The pharmacological effects of trametinib
Trametinib (Trametinib) is a highly selective MEK1 and MEK2 kinase inhibitor, MEK It is the upstream kinase of extracellular signal-regulated kinase (ERK) and plays a key role in the RAS-RAF-MEK-ERK signaling pathway. This signaling pathway is abnormally activated in a variety of tumors and is closely related to malignant behaviors such as proliferation, invasion, and metastasis of tumor cells.

Specifically, when growth factors bind to receptors on the cell membrane, they activate the RAS protein, which in turn activates the RAF kinase. RAFkinase then phosphorylates and activates MEK, which further phosphorylates and activates ERK. Activated ERK will enter the cell nucleus and regulate the activity of multiple transcription factors, thereby affecting cell growth, differentiation and survival.

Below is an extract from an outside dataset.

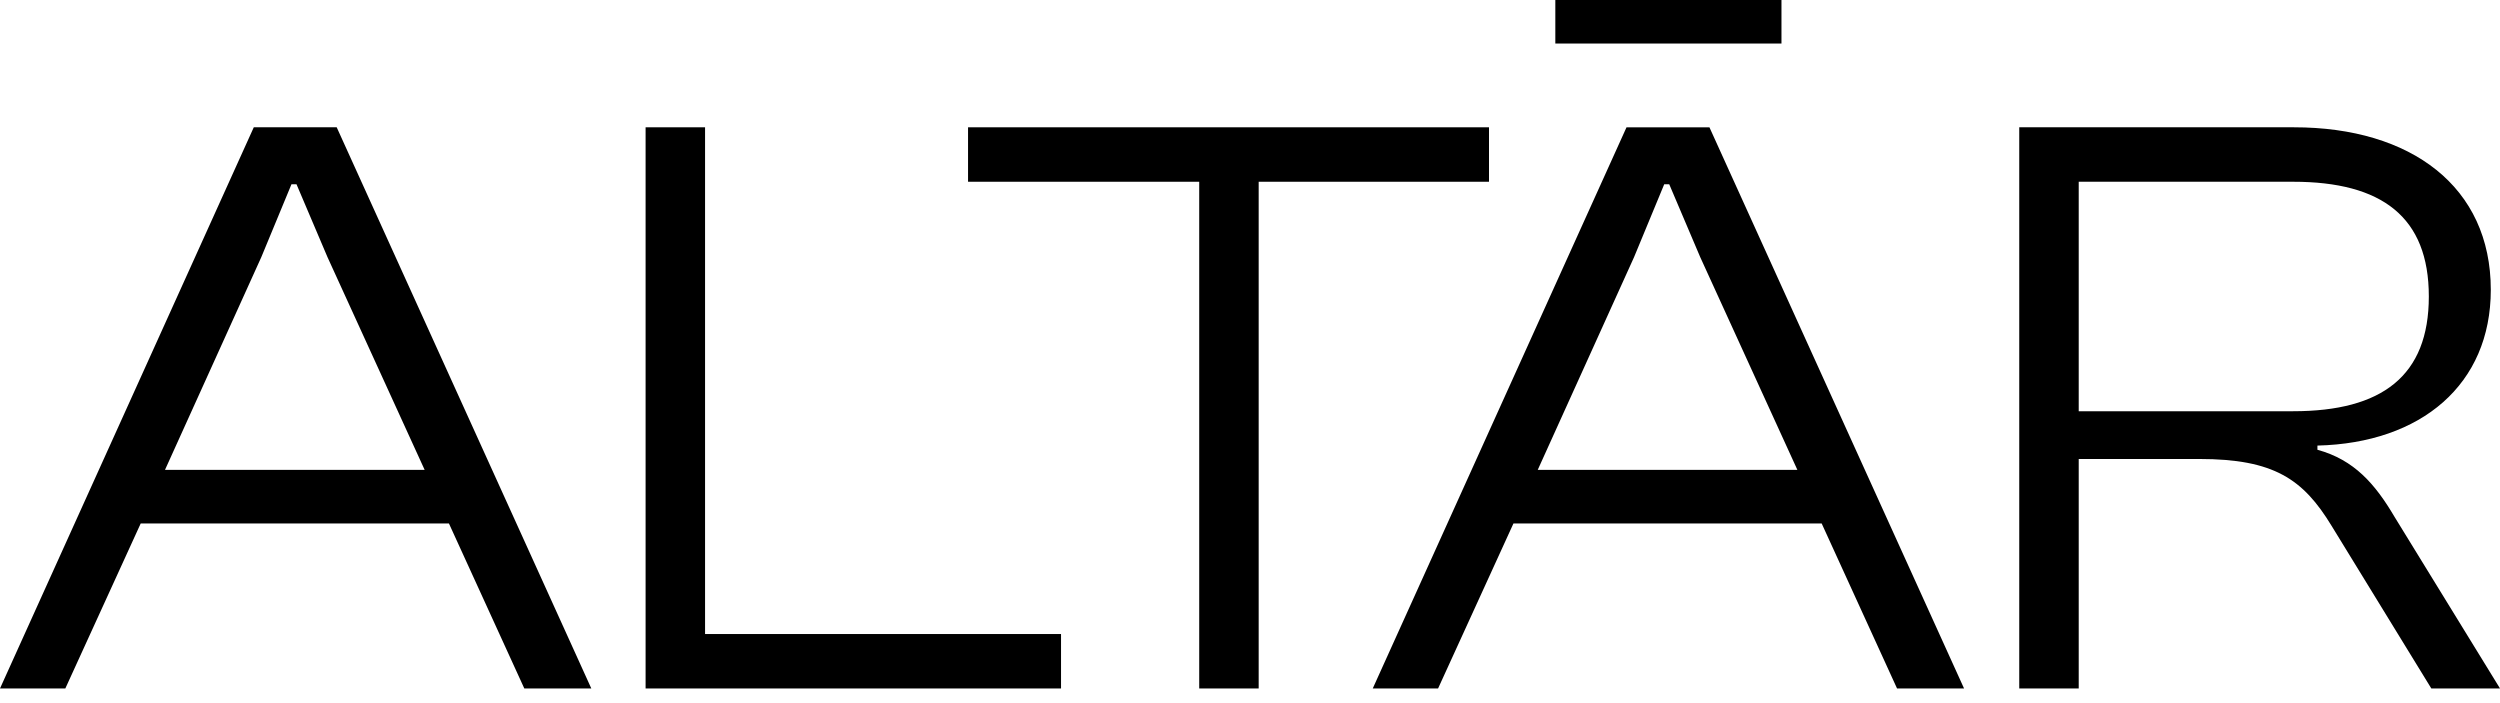 <?xml version="1.0" encoding="UTF-8"?> <svg xmlns="http://www.w3.org/2000/svg" width="160" height="45" viewBox="0 0 160 45" fill="none"><path d="M133.038 44.062H129.232V8.147H146.814C154.319 8.147 159.411 11.953 159.411 18.547C159.411 24.604 154.962 28.356 148.315 28.517V28.785C150.674 29.428 152.014 30.983 153.247 33.073L160.001 44.062H155.605L149.227 33.663C147.404 30.661 145.528 29.375 140.757 29.375H133.038V44.062ZM133.038 11.632V26.319H146.761C152.443 26.319 155.445 24.068 155.445 18.975C155.445 13.883 152.443 11.632 146.761 11.632H133.038Z" fill="black"></path><path d="M114.014 2.787H99.541V0H114.014V2.787ZM92.037 44.062H87.856L104.097 8.148H109.404L125.7 44.062H121.411L116.587 33.502H96.861L92.037 44.062ZM104.58 16.456L98.415 30.072H115.032L108.814 16.456L106.831 11.793H106.51L104.58 16.456Z" fill="black"></path><path d="M80.555 44.062H76.75V11.632H61.955V8.147H95.296V11.632H80.555V44.062Z" fill="black"></path><path d="M67.906 44.062H41.318V8.147H45.124V40.578H67.906V44.062Z" fill="black"></path><path d="M4.181 44.062H0L16.242 8.147H21.549L37.844 44.062H33.556L28.732 33.502H9.005L4.181 44.062ZM16.724 16.456L10.56 30.071H27.177L20.959 16.456L18.976 11.793H18.654L16.724 16.456Z" fill="black"></path></svg>

However, in a variety of tumors, this signaling pathway is abnormally activated, leading to unlimited cell proliferation and malignant transformation. The function of trametinib is to inhibit the activity of MEK, thus blocking this signaling pathway. By inhibiting MEK, trametinib can prevent the activation of ERK, thereby inhibiting the proliferation and survival of tumor cells. In addition, trametinib may also exert anti-tumor effects by inhibiting angiogenesis and inducing tumor cell apoptosis.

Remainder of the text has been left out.